Severe Trauma Leads to a Fall in Intracellular Triphosphates and a Rise in cAMP in Platelets

Background: Severe trauma and hemorrhage leads to an acute coagulopathy as exemplified by a rise in prothrombin time, and a fall in clotting firmness and platelet aggregation. Because platelets contribute 70-80% of the clot strength, evaluating the intracellular mechanisms that regulate aggregation may lead to strategies to mitigate the development of coagulopathy. Platelet aggregation requires energy, and energy stores may be depleted after hemorrhagic shock and tissue trauma.
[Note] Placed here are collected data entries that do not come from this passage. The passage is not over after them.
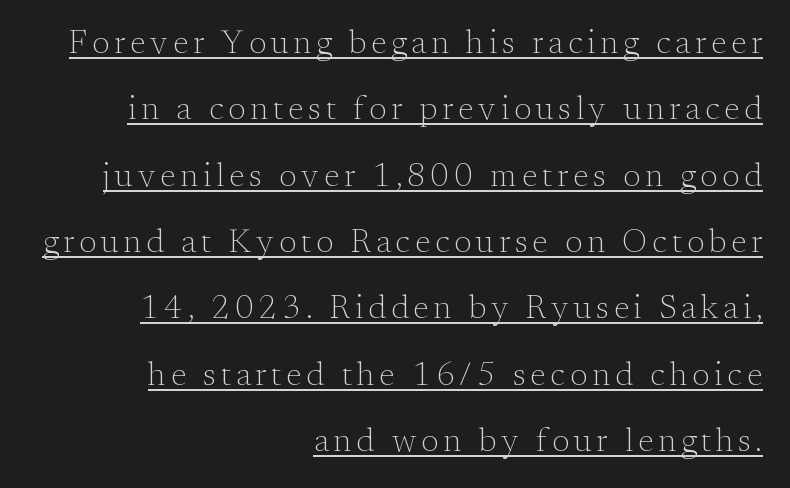
Q: Is the text bold? A: No.
Q: Is the text italic (slanted)? A: No, it is upright.
Q: Is the typeface a serif or a sans-serif typeface? A: Serif.
Q: Is the text underlined? A: Yes.
Q: How is the paragraph aligned? A: Right-aligned.
Q: Is the spacing between lines tight, normal or loose? A: Loose.
Q: Width (condensed, normal, or wide)? A: Normal.
Q: Stroke contrast? A: Medium.
Q: x-height? A: Small.
Q: Monospaced? A: No.
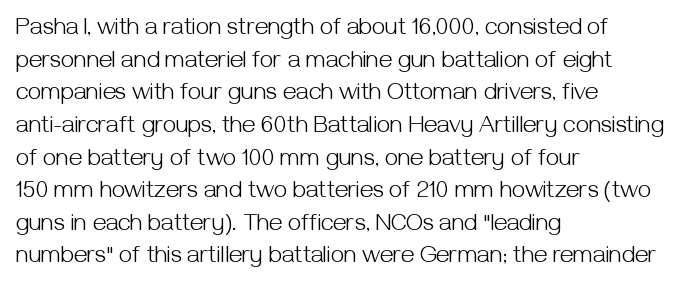
Q: Is the text bold? A: No.
Q: Is the text italic (slanted)? A: No, it is upright.
Q: Is the text underlined? A: No.
Q: How is the paragraph aligned? A: Left-aligned.
Q: Is the spacing between letters normal or unusually wide? A: Normal.
Q: Is the spacing between lines tight, normal or loose? A: Normal.
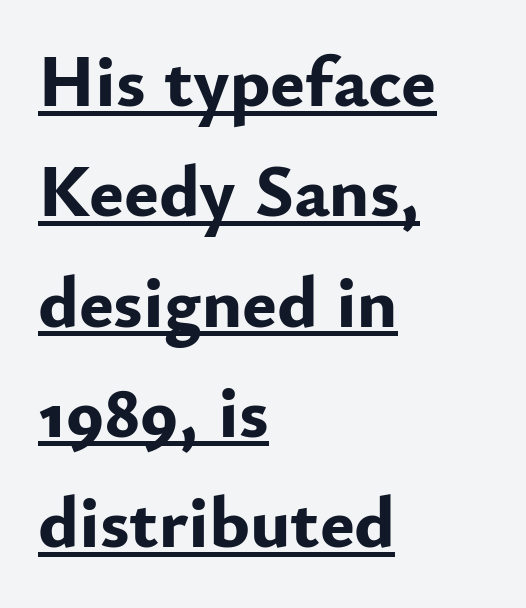
The image shows 74 px bold sans-serif type, upright; set left-aligned, normal line spacing (1.49x), normal letter spacing, underlined; low stroke contrast and a small x-height.

Also, aggregation is initiated by elevations in inositol trisphosphate and calcium, and inhibited by elevations in cyclic adenosine and guanosine monophosphates. Platelet dysfunction after trauma may involve one or more of these intracellular intermediates.
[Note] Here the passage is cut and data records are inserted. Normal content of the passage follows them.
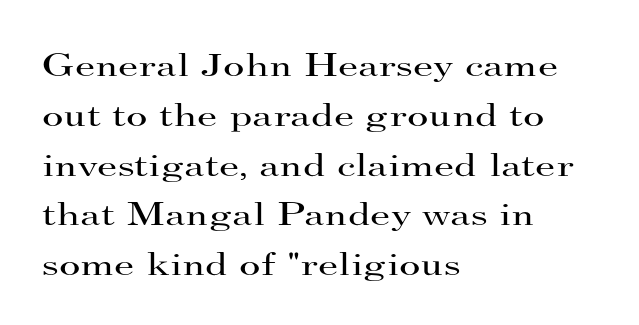
The letters carry serifs — small finishing strokes at the ends of their stems. One glance says typical: line gaps are just what's usual. The weight would be labelled regular, book, light, or lighter still. The specimen omits any rule beneath the text block's lines. The setting favours the left margin, as ordinary paragraphs usually do. Honestly, the letter spacing is just normal — you wouldn't notice it.
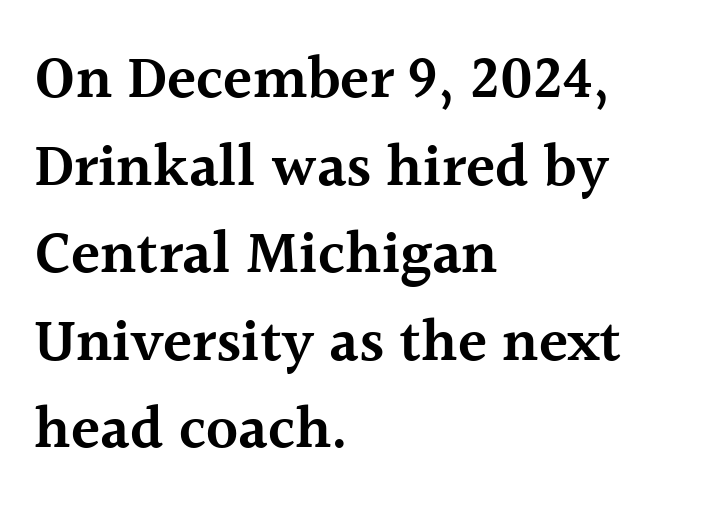
{"serif": "yes", "italic": "no", "bold": "semi", "weight": "semibold", "width": "normal", "x_height": "medium", "monospaced": "no", "underline": "no", "align": "left", "line_spacing": "normal", "line_spacing_ratio": 1.46, "letter_spacing": "normal", "letter_spacing_em": 0.0, "glyph_px": 60}
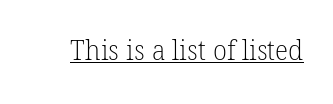
Q: Is the text bold? A: No.
Q: Is the typeface a serif or a sans-serif typeface? A: Serif.
Q: Is the text underlined? A: Yes.
Q: Is the spacing between letters normal or unusually wide? A: Normal.
Q: Width (condensed, normal, or wide)? A: Normal.
Q: Stroke contrast? A: Low.
Q: x-height? A: Medium.
Q: Monospaced? A: No.
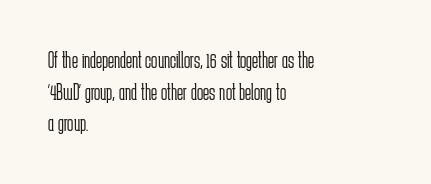
{"italic": "no", "bold": "no", "underline": "no", "align": "left", "line_spacing": "normal", "line_spacing_ratio": 1.37, "letter_spacing": "normal", "letter_spacing_em": 0.0, "glyph_px": 23}
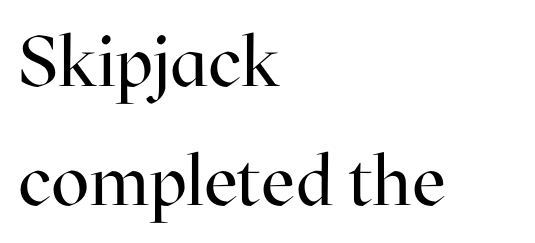
The image shows 71 px regular-weight serif type, upright; set left-aligned, normal line spacing (1.68x), normal letter spacing, not underlined; high stroke contrast and a medium x-height.
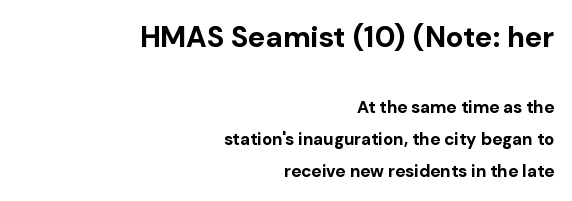
{"serif": "no", "italic": "no", "bold": "yes", "weight": "bold", "width": "normal", "stroke_contrast": "low", "x_height": "medium", "monospaced": "no", "underline": "no", "align": "right", "line_spacing_ratio": 1.88, "letter_spacing": "normal", "letter_spacing_em": 0.0, "larger_block": "first", "size_ratio": 1.71, "glyph_px": 29}
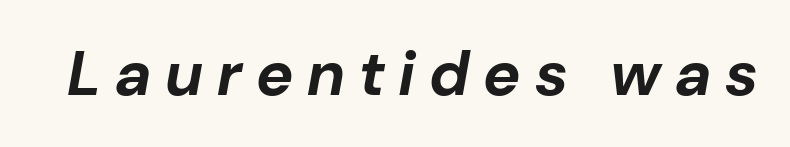
Q: Is the text bold? A: Yes.
Q: Is the text italic (slanted)? A: Yes, it leans right by about 10 degrees.
Q: Is the text underlined? A: No.
Q: Is the spacing between letters normal or unusually wide? A: Unusually wide.
Q: Width (condensed, normal, or wide)? A: Normal.
Q: Stroke contrast? A: Low.
Q: x-height? A: Medium.
Q: Monospaced? A: No.
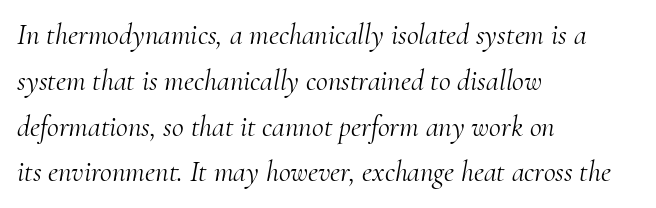
Q: Is the text bold? A: No.
Q: Is the text italic (slanted)? A: Yes, it leans right by about 10 degrees.
Q: Is the typeface a serif or a sans-serif typeface? A: Serif.
Q: Is the text underlined? A: No.
Q: How is the paragraph aligned? A: Left-aligned.
Q: Is the spacing between letters normal or unusually wide? A: Normal.
Q: Is the spacing between lines tight, normal or loose? A: Normal.
Q: Width (condensed, normal, or wide)? A: Normal.
Q: Stroke contrast? A: Medium.
Q: x-height? A: Small.
Q: Monospaced? A: No.
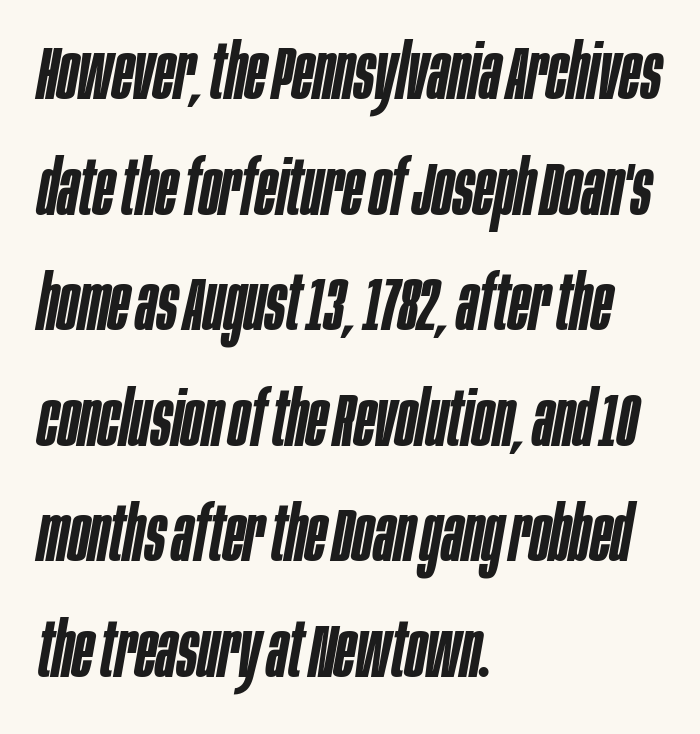
{"italic": "yes", "lean": "right", "slant_degrees": 10, "bold": "semi", "weight": "semibold", "width": "condensed", "stroke_contrast": "low", "x_height": "large", "monospaced": "no", "underline": "no", "align": "left", "line_spacing": "normal", "line_spacing_ratio": 1.52, "letter_spacing": "normal", "letter_spacing_em": 0.0, "glyph_px": 76}
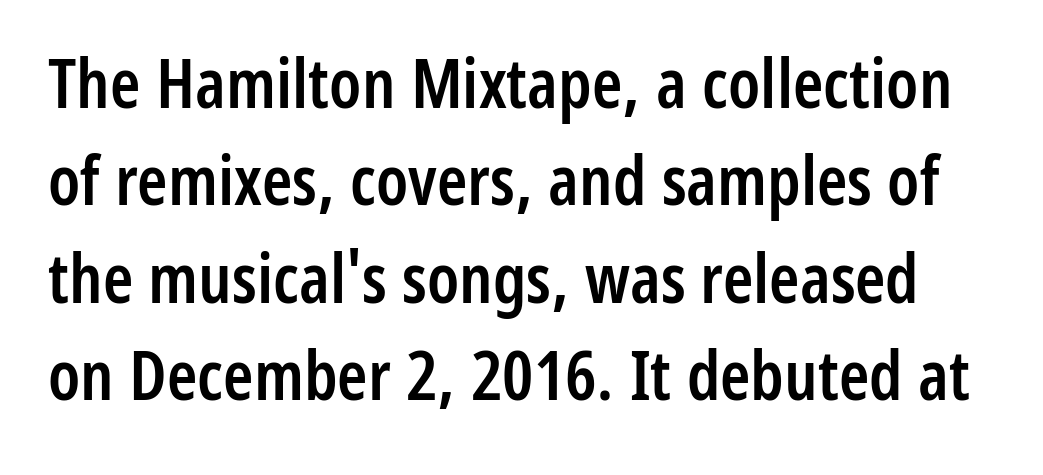
Upright lettering throughout. Tracking value appears to be zero — textbook default spacing. The text was rendered using a sans face with plain stroke endings. The space directly below the letters is spotless. Every letter is mildly thick-stroked: semibold rather than bold. Leading matches the norm, producing a regular column.

Objective: To measure intracellular levels of mono- and tri-phosphates in platelets from rats subjected to polytrauma and hemorrhagic shock.
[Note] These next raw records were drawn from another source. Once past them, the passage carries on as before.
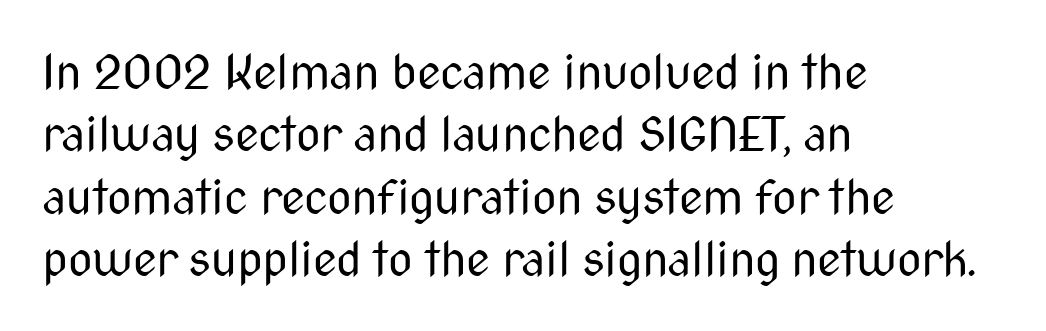
The image shows 48 px regular-weight, condensed sans-serif type, upright; set left-aligned, normal line spacing (1.3x), normal letter spacing, not underlined; medium stroke contrast and a medium x-height.
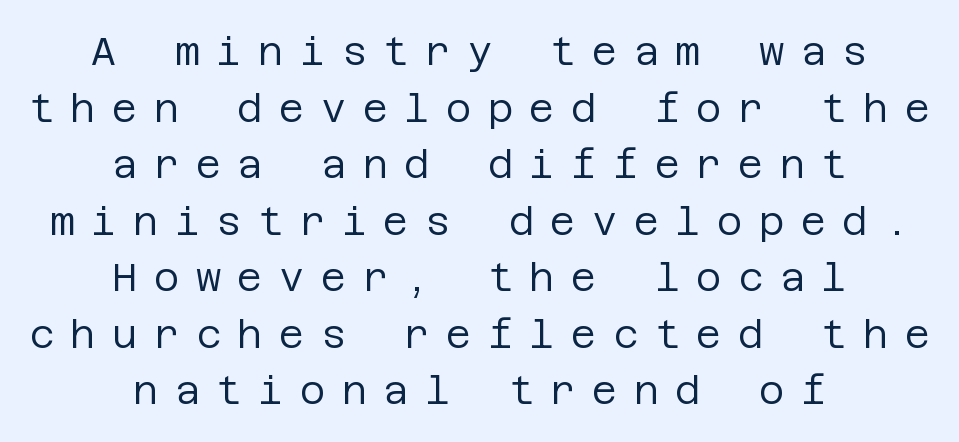
{"serif": "no", "italic": "no", "bold": "no", "weight": "regular", "width": "normal", "stroke_contrast": "low", "x_height": "large", "underline": "no", "align": "center", "line_spacing": "normal", "line_spacing_ratio": 1.45, "letter_spacing": "wide", "letter_spacing_em": 0.42, "glyph_px": 39}
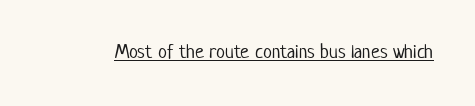
Q: Is the text bold? A: No.
Q: Is the text italic (slanted)? A: No, it is upright.
Q: Is the text underlined? A: Yes.
Q: Is the spacing between letters normal or unusually wide? A: Normal.
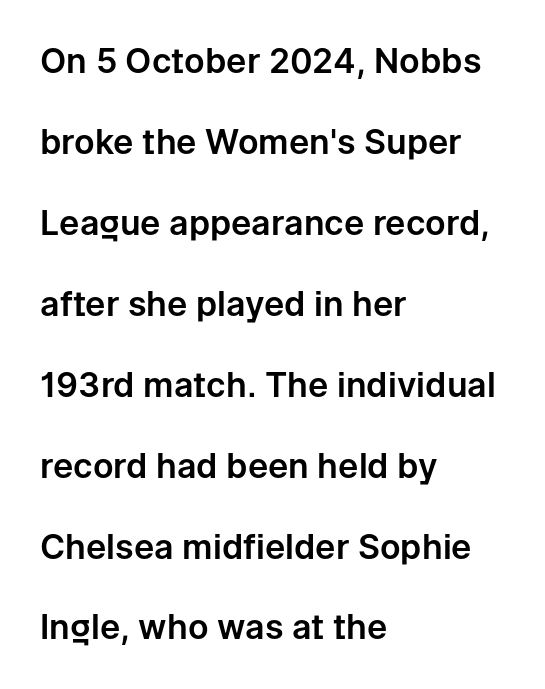
The image shows 34 px sans-serif type, upright; set left-aligned, loose line spacing (2.38x), normal letter spacing, not underlined; low stroke contrast and a medium x-height.
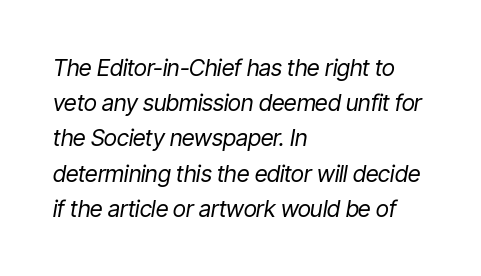
Looking at the ascenders, they clearly lean. A typesetter would call this leading conventional body-copy spacing. Words float on clear page, feet unadorned. Short note: letters normally spaced.
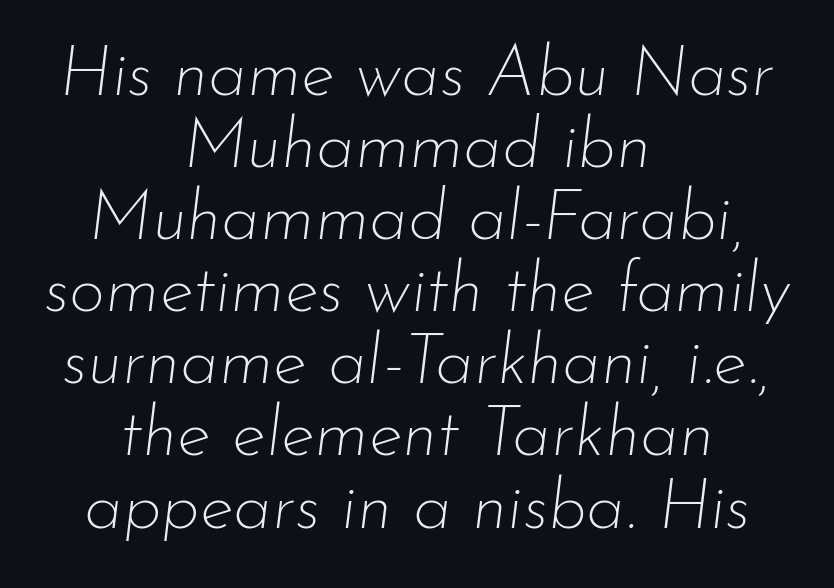
Letter spacing: default. The area under the type is left untouched. The compositor balanced each line on the midline. Weight: in the light-to-regular range. Rendered with sloped, italic letterforms. Note the varied advance widths — an 'i' is clearly narrower than an 'm'.
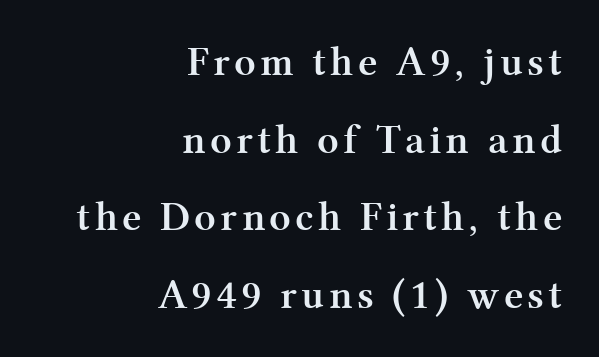
Q: Is the text bold? A: Yes.
Q: Is the text italic (slanted)? A: No, it is upright.
Q: Is the typeface a serif or a sans-serif typeface? A: Serif.
Q: Is the text underlined? A: No.
Q: How is the paragraph aligned? A: Right-aligned.
Q: Width (condensed, normal, or wide)? A: Normal.
Q: Stroke contrast? A: Medium.
Q: x-height? A: Medium.
Q: Monospaced? A: No.

Methods: Polytrauma was induced in isoflurane anesthetized Sprague-Dawley rats (n=10 per group) by damage to the small intestines, right and medial lobes of the liver, the right leg skeletal muscle, and by fracturing the right femur. 40% hemorrhage was then performed immediately after trauma. Blood samples were taken before, immediately after trauma, and at 2 and 4hrs. Platelet rich plasma PRP was generated by centrifugation of whole blood at 200g for 10min, no brakes. Cyclic AMP and cGMP were extracted from 100μl of PRP after adding to 1ml of EtOH, 10mM ammonium formate, with 10μg/ml cGMP-Br as an internal control. Triphosphates were extracted from another 100μl PRP by addition of 50% EtOH, 500mM Formic Acid with 10μg/ml ATP-C10 as an internal control. Samples were centrifuged at 20K g for 10min, and supernatant dried. All Samples were brought up in 200ul of 0.1% formic acid for analysis by LC-MS/MS.

Results: In platelets, the intracellular levels of Adenosine Triphosphate (ATP), Guanosine Triphosphate (GTP) and Inositol Trisphosphate (IP3) all fell significantly by 4hrs after polytrauma and hemorrhage (ATP: 5.8±0.9 vs. 0.9±0.7μg/ml, GTP: 1.23±0.22 vs 0.01±0.01 μg/ml and IP3: 625±310 vs 125±36 ng/ml). Cyclic AMP was significantly elevated over baseline (10.4±0.7 vs 15.1±1.63ng/ml), however cGMP was down (1.17±0.39 vs 0.10±0.12 ng/ml).

Conclusion: The platelet dysfunction that accompanies polytrauma and hemorrhagic shock may be a result of falling energy stores (ATP, GTP), a loss of IP3 mediation of Ca dependent aggregation, and a rise in the inhibitory mediator cAMP. These results suggest that the addition of metabolic substrates to standard resuscitation fluids may help restore platelet function after trauma and hemorrhage.